Blood transfusions, which usually consist in the administration of isolated red blood cells (RBCs), are crucial in traumatic injuries, pre-surgical conditions and anemias. Although RBCs transfusion from donors is a safe procedure, donor RBCs can only be stored for a maximum of 42 days under refrigerated conditions and, therefore, stockpiles of RBCs for use in acute disasters do not exist. With a worldwide shortage of donor blood that is expected to increase over time, the creation of oxygen-carriers with long storage life and compatibility without typing and cross-matching, persists as one of the foremost important challenges in biomedicine.

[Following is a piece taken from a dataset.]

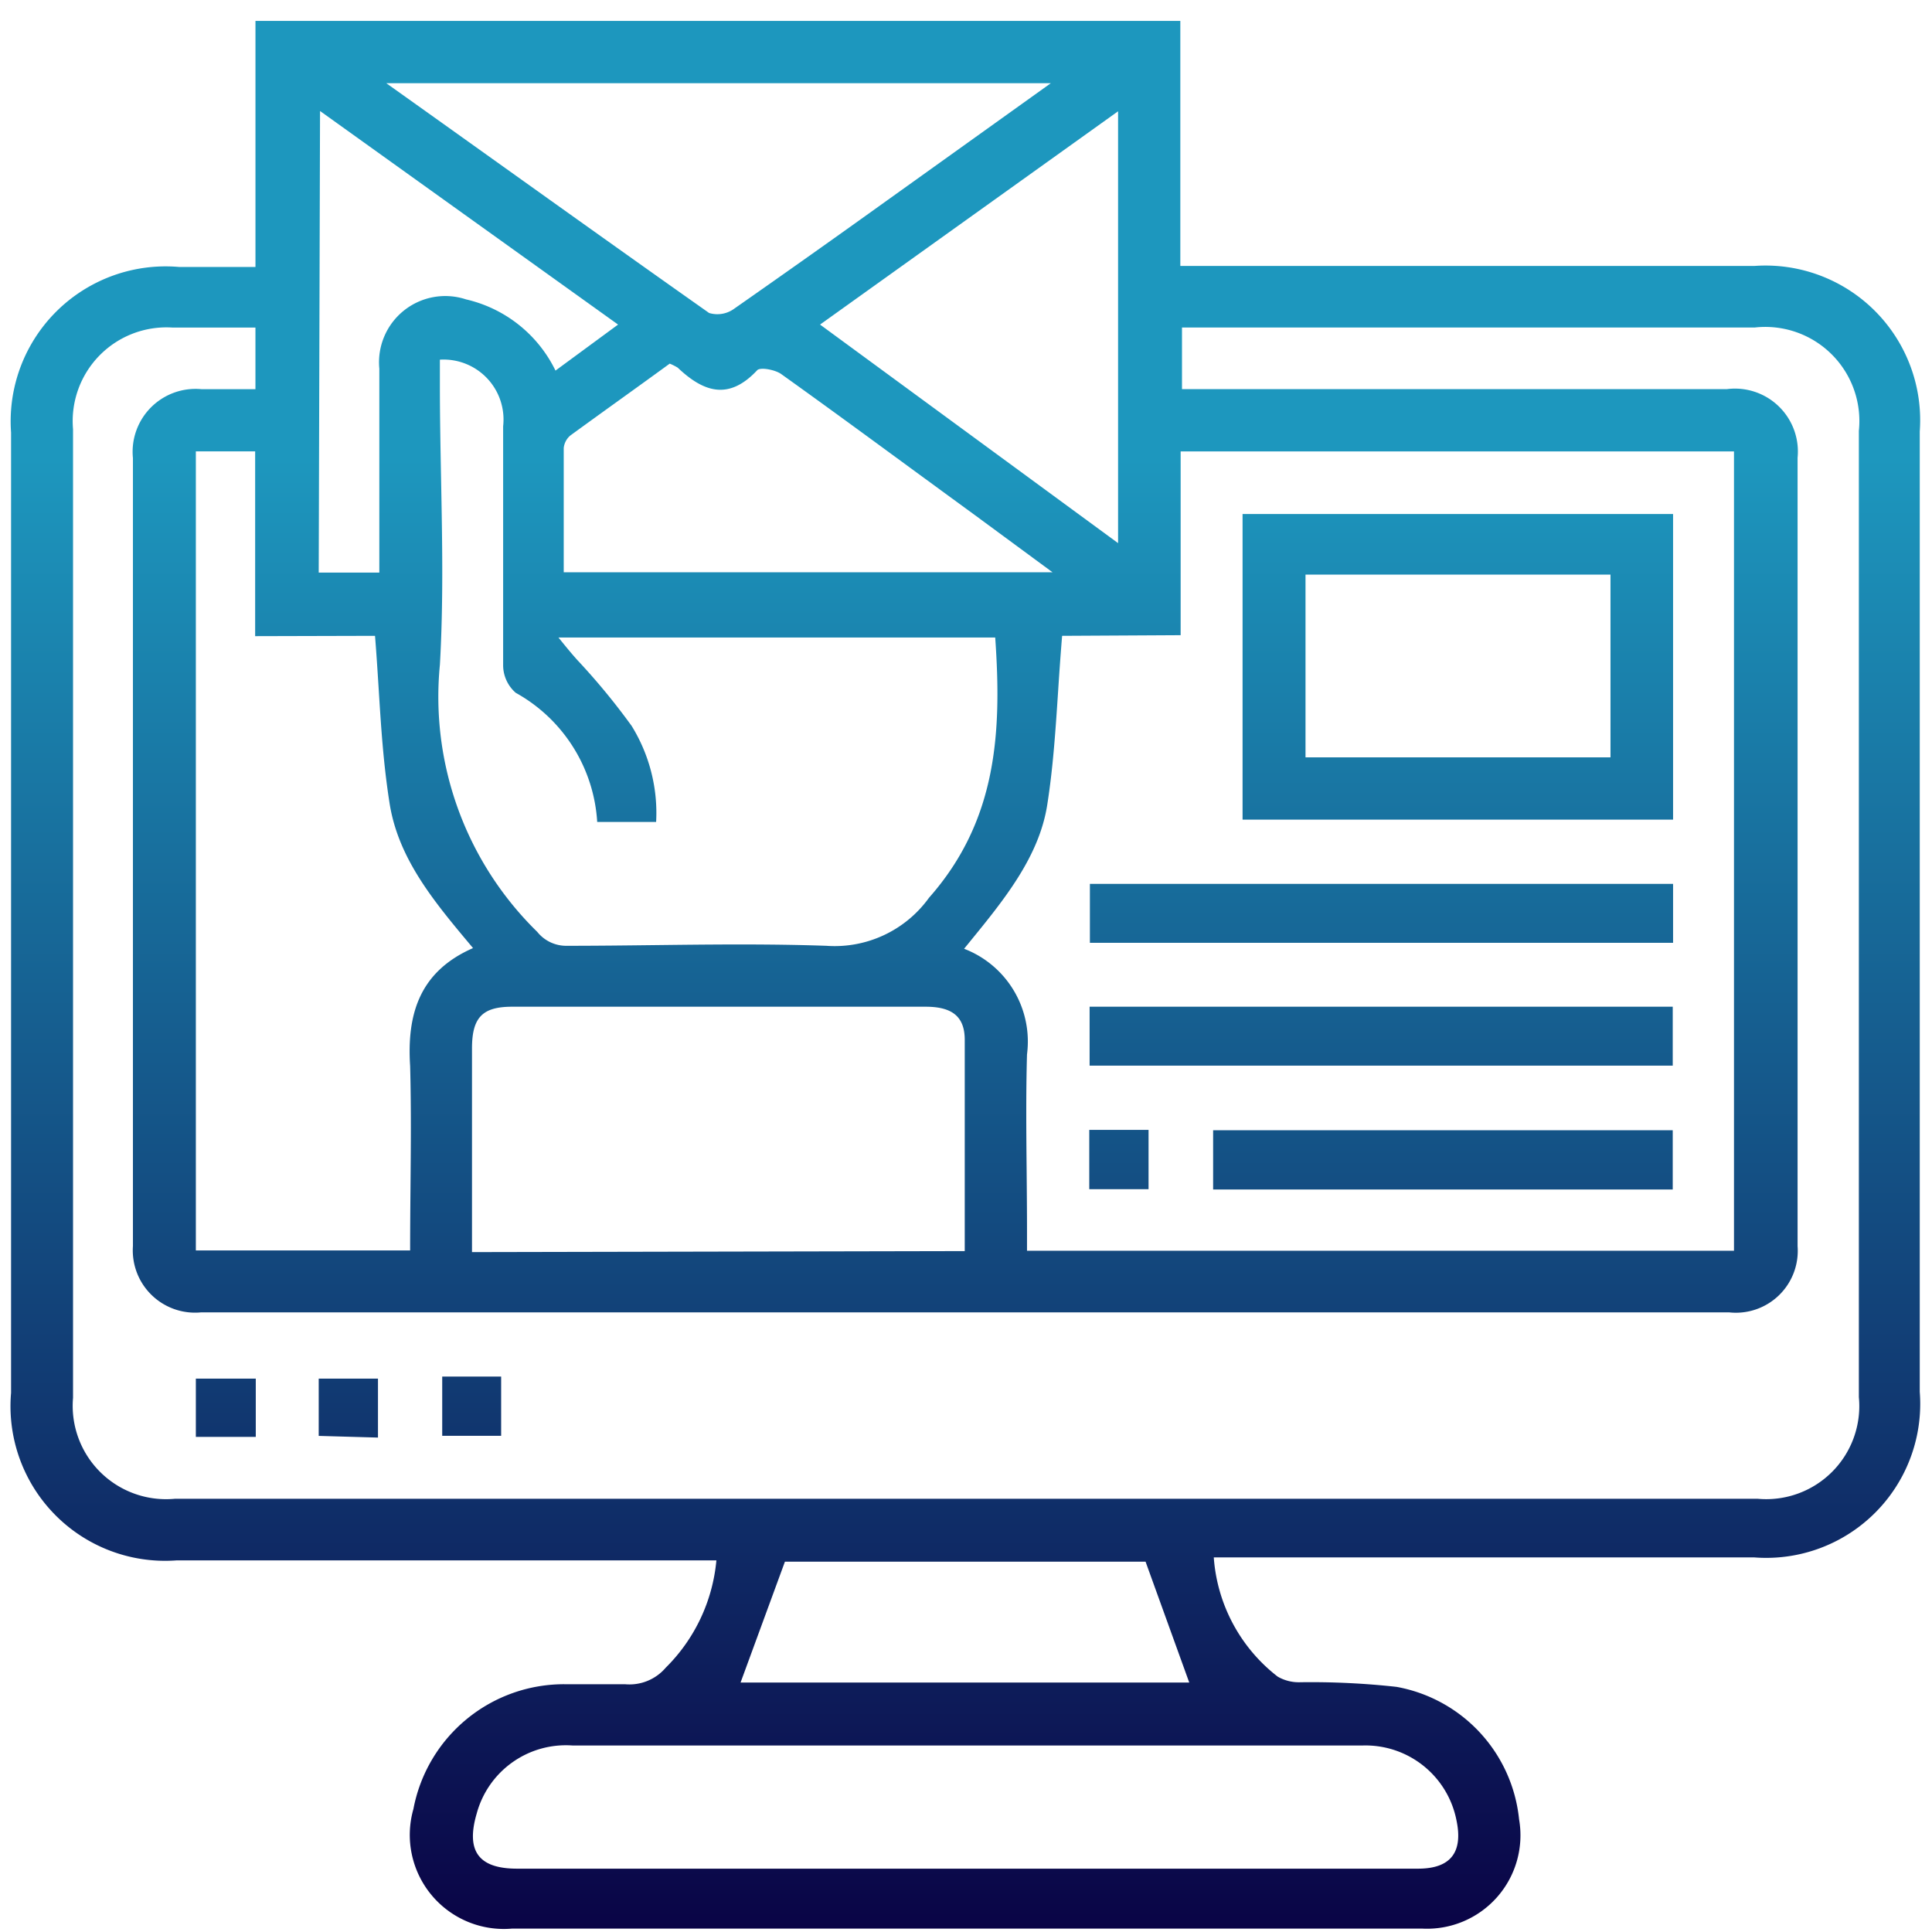 <svg xmlns="http://www.w3.org/2000/svg" width="92" height="92" fill="none"><path fill-rule="evenodd" clip-rule="evenodd" d="M34.114 74.304H8.412a7.363 7.363 0 0 1-7.885-7.979V20.596a7.38 7.38 0 0 1 7.995-7.884h3.643V.996h44.041v11.669h27.327a7.366 7.366 0 0 1 7.884 7.884v45.729a7.334 7.334 0 0 1-7.884 7.884H57.799a7.885 7.885 0 0 0 3.043 5.677c.325.188.697.28 1.072.268a36.98 36.98 0 0 1 4.589.22 7.144 7.144 0 0 1 5.834 6.308 4.448 4.448 0 0 1-4.62 5.203H24.385a4.479 4.479 0 0 1-4.699-5.692 7.3 7.3 0 0 1 7.238-5.945h2.838a2.27 2.27 0 0 0 1.94-.788 8.247 8.247 0 0 0 2.412-5.11Zm-21.95-58.706H8.208a4.464 4.464 0 0 0-4.73 4.84v46.123a4.446 4.446 0 0 0 4.84 4.81h75.39a4.432 4.432 0 0 0 4.809-4.841V20.517a4.48 4.48 0 0 0-4.967-4.92H56.285v2.934h25.94a2.996 2.996 0 0 1 3.374 3.264v37.544a2.947 2.947 0 0 1-3.265 3.154H9.58A2.964 2.964 0 0 1 6.33 59.34V21.812a2.996 2.996 0 0 1 3.264-3.28h2.57v-2.933Zm38.413 14.68a142.3 142.3 0 0 0-.19 2.632c-.122 1.854-.24 3.651-.52 5.426-.389 2.468-2.055 4.511-3.693 6.518v.001l-.265.324a4.731 4.731 0 0 1 2.996 5.03c-.052 1.86-.035 3.72-.017 5.584.008.934.017 1.869.017 2.805v.962h33.666V21.495h-26.35v8.752l-5.644.031Zm-29.63-13.15v1.213c0 1.484.029 2.967.057 4.449.056 2.962.112 5.918-.056 8.86a15.657 15.657 0 0 0 4.636 12.725 1.766 1.766 0 0 0 1.419.663c1.372 0 2.745-.016 4.119-.032 2.747-.032 5.494-.063 8.227.032a5.535 5.535 0 0 0 4.889-2.287c3.248-3.674 3.469-7.884 3.153-12.394H26.593c.394.489.63.773.883 1.056a32.124 32.124 0 0 1 2.602 3.154 7.884 7.884 0 0 1 1.166 4.573h-2.806a7.553 7.553 0 0 0-3.88-6.15 1.749 1.749 0 0 1-.599-1.277V20.297a2.855 2.855 0 0 0-3.011-3.17ZM12.15 30.293v-8.799H9.326v38.05H19.53c0-1 .008-1.99.017-2.973v-.001c.018-1.953.035-3.881-.017-5.81-.158-2.46.441-4.494 2.995-5.613l-.103-.124c-1.747-2.085-3.453-4.123-3.87-6.767-.296-1.872-.409-3.677-.524-5.518-.051-.81-.103-1.627-.17-2.46l-5.708.015ZM45.94 59.576v-10.06c0-1.12-.615-1.577-1.86-1.577H24.384c-1.419 0-1.908.52-1.908 1.987v9.698l23.464-.048Zm-.095 29.408h21.682c1.577 0 2.144-.804 1.829-2.302a4.416 4.416 0 0 0-4.447-3.564H27.255a4.4 4.4 0 0 0-4.557 3.249c-.52 1.782.095 2.617 1.924 2.617h21.224Zm4.195-85.023H18.393c1.786 1.27 3.548 2.529 5.296 3.777 3.391 2.421 6.728 4.804 10.078 7.166a1.356 1.356 0 0 0 1.152-.174 701.817 701.817 0 0 0 7.36-5.213l1.265-.905 6.497-4.651ZM31.89 17.317c-.788.575-1.577 1.143-2.365 1.71-.789.568-1.577 1.136-2.366 1.711a.898.898 0 0 0-.315.6v5.913H50.12l-3.705-2.728c-1.025-.747-2.048-1.497-3.072-2.246-2.046-1.5-4.093-3-6.153-4.472-.3-.205-.993-.33-1.135-.173-1.356 1.45-2.555 1.04-3.785-.126a2.717 2.717 0 0 0-.378-.19ZM53.241 5.3 39.05 15.456l14.192 10.407V5.301Zm3.39 74.821-2.08-5.755H37.377l-2.112 5.755h21.366ZM15.177 27.266h2.886v-9.713a3.155 3.155 0 0 1 4.131-3.296 6.307 6.307 0 0 1 4.258 3.39l2.98-2.191L15.24 5.286l-.063 21.98ZM12.18 65.648v2.776H9.326v-2.776h2.854Zm2.997 0v2.728l2.822.08v-2.808h-2.822Zm5.88-.097h2.807v2.822h-2.806v-2.822ZM79.67 39.03V24.477h-20.5V39.03h20.5Zm-17.503-2.965v-8.704H76.69v8.704H62.167ZM79.67 42.09v2.807H51.9V42.09H79.67Zm-.016 8.654v-2.806H51.886v2.806h27.768Zm0 5.899H57.768V53.82h21.886v2.823Zm-24.961-2.838H51.87v2.822h2.823v-2.822Z" fill="url(#a)"></path><defs><linearGradient id="a" x1="45.97" y1=".996" x2="45.97" y2="91.856" gradientUnits="userSpaceOnUse"><stop offset=".229" stop-color="#1D97BE"></stop><stop offset="1" stop-color="#0A0446"></stop></linearGradient></defs></svg>

However, research has so far failed to produce FDA approved RBCs substitutes (RBCSs) for human usage. As such, due to unacceptable toxicities, the first generation of oxygen-carriers has been withdrawn from the market. Being hemoglobin (Hb) the main component of RBCs, a lot of effort is being devoted in assembling semi-synthetic RBCS utilizing Hb as the oxygen-carrier component, the so-called Hb-based oxygen carriers (HBOCs). However, a native RBC also contains a multi-enzyme system to prevent the conversion of Hb into non-functional methemoglobin (metHb). Thus, the challenge for the fabrication of next-generation HBOCs relies in creating a system that takes advantage of the excellent oxygen-carrying capabilities of Hb, while preserving the redox environment of native RBCs that prevents or reverts the conversion of Hb into metHb. In this review, we feature the most recent advances in the assembly of the new generation of HBOCs with emphasis in two main approaches: the chemical modification of Hb either by cross-linking strategies or by conjugation to other polymers, and the Hb encapsulation strategies, usually in the form of lipidic or polymeric capsules. The applications of the aforementioned HBOCs as blood substitutes or for oxygen-delivery in tissue engineering are highlighted, followed by a discussion of successes, challenges and future trends in this field.

输血通常包括施用离体的红细胞（RBC），对创伤，手术前状况和贫血至关重要。尽管从供体中输注红细胞是安全的程序，但在冷藏条件下最多只能将供体红细胞存储42天，因此，不存在用于急性灾害的红细胞库存。随着世界范围内供血的短缺，随着时间的流逝，这种缺氧的产生将继续存在，这是生物医学面临的最重要的挑战之一，它是一种具有长期保存期限和相容性而又无需分型和交叉匹配的载氧体。

但是，到目前为止，研究仍未能生产出FDA批准的RBC替代品（RBCS）供人类使用。因此，由于不可接受的毒性，第一代氧气载体已经从市场上撤出。作为血红蛋白（Hb）的主要成分，人们正致力于用Hb作为氧气载体成分，即所谓的基于Hb的氧气载体（HBOC）组装半合成RBCS。但是，天然RBC也包含多酶系统，以防止Hb转化为非功能性高铁血红蛋白（metHb）。因此，制造下一代HBOC的挑战在于创建一个系统，该系统利用Hb的出色携氧能力，同时保留天然RBC的氧化还原环境，以防止或将Hb转化为metHb。在这篇评论中，我们介绍了新一代HBOC组装的最新进展，重点介绍了两种主要方法：通过交联策略或与其他聚合物的结合对Hb进行化学修饰，以及Hb包封策略，通常采用以下形式脂质或聚合物胶囊。重点介绍了上述HBOC作为血液替代品或在组织工程中用于氧气输送的应用，然后讨论了该领域的成功，挑战和未来趋势。